* [Work item] For the entries that follow, count the lines containing the string "version" and write only the number.

* [Data items]
--------------------------------------------------
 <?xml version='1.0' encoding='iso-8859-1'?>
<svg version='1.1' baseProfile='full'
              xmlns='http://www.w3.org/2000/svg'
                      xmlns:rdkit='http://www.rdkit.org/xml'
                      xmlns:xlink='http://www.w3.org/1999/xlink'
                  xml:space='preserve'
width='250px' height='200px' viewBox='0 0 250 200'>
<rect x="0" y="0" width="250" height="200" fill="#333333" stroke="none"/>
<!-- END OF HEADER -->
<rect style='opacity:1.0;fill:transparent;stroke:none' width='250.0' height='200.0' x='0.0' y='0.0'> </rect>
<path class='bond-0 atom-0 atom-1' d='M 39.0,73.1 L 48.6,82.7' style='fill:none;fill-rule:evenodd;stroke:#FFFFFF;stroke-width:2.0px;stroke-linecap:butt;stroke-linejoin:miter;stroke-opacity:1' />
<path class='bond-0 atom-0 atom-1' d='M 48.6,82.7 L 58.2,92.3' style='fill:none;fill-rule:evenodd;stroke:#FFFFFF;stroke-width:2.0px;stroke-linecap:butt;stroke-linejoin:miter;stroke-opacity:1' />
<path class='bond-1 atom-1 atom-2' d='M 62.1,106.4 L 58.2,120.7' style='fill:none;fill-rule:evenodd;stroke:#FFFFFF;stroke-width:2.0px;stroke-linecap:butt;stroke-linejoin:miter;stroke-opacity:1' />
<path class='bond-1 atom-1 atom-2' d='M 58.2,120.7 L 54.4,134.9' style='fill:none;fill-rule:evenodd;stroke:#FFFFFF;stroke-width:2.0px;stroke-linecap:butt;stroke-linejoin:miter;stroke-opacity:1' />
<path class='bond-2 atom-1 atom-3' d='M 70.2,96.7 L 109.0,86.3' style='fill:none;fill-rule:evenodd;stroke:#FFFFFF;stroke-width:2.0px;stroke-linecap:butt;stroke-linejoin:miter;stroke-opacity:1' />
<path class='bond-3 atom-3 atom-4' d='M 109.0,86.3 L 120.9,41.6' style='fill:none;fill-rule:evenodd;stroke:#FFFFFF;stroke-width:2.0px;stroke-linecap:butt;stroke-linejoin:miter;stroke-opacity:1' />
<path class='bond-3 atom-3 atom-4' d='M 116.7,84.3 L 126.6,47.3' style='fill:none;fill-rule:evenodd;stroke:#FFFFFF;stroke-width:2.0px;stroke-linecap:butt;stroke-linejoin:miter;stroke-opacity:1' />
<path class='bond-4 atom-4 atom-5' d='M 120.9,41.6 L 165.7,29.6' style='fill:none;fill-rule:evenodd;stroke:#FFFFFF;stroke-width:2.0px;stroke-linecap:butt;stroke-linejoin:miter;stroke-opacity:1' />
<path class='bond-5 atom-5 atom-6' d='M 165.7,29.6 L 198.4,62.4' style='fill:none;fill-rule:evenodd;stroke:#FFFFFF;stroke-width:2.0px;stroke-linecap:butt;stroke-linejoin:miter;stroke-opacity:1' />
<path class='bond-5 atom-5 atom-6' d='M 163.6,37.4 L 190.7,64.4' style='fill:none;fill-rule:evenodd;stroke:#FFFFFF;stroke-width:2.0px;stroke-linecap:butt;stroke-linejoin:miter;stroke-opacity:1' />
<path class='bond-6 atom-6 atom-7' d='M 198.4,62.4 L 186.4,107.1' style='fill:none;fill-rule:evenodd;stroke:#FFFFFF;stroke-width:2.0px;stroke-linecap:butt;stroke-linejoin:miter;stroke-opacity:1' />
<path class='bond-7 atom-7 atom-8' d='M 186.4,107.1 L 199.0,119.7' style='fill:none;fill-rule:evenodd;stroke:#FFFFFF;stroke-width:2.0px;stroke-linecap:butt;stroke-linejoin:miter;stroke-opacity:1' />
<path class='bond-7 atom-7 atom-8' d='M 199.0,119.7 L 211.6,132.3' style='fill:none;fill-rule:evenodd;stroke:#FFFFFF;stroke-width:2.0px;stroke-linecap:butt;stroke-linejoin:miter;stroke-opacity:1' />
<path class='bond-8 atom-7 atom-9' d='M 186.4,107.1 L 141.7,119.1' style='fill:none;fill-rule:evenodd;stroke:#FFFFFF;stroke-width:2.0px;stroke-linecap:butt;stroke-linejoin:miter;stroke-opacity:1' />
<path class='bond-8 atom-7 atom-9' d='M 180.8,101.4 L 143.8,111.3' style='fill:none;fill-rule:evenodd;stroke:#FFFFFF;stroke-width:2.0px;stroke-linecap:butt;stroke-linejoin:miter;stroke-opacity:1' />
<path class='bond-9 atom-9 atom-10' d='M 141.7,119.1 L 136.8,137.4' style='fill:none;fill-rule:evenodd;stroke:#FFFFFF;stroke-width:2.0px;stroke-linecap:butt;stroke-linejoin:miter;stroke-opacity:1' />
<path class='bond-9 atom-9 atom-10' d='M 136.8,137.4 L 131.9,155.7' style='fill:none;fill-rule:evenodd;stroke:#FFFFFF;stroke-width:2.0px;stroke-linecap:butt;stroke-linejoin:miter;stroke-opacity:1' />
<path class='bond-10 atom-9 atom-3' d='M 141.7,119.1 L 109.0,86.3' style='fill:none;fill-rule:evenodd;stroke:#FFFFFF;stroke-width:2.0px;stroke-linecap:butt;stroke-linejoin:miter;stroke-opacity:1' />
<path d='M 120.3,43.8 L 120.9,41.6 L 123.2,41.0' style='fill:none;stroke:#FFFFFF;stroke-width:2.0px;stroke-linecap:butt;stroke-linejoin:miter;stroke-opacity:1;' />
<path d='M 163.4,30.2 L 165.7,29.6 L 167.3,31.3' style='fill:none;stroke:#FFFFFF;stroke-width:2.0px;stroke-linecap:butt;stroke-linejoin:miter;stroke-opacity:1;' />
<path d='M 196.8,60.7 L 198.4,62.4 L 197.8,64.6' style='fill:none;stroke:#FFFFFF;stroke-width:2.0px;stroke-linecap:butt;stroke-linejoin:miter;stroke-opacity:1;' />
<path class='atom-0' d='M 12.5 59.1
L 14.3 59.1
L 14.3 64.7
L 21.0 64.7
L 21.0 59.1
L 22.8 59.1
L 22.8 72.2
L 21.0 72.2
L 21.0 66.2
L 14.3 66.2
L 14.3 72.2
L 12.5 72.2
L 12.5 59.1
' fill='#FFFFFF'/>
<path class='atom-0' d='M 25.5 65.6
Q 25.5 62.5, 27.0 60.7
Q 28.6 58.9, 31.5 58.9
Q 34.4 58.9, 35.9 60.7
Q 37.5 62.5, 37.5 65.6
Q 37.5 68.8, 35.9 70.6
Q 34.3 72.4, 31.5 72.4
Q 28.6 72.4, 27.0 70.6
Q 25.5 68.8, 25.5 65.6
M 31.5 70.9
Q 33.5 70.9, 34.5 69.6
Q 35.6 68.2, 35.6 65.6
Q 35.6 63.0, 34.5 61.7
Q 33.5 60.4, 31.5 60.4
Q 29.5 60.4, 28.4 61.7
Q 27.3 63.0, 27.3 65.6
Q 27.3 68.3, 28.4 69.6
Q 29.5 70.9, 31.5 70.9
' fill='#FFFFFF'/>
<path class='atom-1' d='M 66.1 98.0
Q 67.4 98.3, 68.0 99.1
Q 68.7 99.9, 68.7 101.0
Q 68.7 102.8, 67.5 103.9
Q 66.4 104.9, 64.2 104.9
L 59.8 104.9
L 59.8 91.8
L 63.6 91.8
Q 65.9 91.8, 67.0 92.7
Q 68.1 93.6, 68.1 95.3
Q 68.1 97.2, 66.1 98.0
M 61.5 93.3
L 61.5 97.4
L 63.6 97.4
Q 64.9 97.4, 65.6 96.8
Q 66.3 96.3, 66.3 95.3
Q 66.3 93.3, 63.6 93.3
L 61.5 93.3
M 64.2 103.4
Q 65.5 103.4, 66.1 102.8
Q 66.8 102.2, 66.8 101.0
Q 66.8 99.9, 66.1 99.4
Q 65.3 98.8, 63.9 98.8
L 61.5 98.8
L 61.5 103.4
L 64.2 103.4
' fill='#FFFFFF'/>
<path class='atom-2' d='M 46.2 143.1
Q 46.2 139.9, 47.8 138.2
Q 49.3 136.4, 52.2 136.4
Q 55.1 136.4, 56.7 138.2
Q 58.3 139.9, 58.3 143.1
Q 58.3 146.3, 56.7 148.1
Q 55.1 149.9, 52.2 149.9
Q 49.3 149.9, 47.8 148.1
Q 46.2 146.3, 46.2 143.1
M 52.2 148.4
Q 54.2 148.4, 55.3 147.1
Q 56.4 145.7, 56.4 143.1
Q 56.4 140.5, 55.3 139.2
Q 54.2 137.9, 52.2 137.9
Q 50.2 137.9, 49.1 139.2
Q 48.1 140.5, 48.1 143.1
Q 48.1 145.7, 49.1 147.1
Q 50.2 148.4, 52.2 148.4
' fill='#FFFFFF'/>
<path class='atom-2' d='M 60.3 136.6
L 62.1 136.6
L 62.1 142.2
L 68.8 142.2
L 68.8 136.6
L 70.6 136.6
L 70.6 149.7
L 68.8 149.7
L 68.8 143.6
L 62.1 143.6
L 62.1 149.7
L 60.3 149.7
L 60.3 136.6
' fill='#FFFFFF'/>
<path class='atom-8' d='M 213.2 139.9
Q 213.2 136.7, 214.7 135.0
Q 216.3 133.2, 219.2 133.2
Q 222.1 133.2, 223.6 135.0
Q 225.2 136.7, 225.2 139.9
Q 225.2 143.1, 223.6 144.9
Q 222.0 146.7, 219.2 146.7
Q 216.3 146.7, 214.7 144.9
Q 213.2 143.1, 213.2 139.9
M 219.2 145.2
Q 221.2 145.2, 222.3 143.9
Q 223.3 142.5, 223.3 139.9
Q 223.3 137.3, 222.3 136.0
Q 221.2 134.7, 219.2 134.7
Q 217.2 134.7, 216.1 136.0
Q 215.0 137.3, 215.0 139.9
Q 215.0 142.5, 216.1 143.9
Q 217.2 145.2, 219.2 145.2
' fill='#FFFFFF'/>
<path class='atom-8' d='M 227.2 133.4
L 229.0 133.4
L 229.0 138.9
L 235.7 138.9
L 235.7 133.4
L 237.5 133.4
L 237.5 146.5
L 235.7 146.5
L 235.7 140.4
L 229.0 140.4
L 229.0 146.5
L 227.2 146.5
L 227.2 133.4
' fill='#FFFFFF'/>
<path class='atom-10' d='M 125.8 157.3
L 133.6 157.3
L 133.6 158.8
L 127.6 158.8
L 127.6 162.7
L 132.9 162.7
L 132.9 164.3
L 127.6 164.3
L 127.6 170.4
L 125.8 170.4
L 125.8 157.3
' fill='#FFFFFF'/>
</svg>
--------------------------------------------------
* [Task answer] 2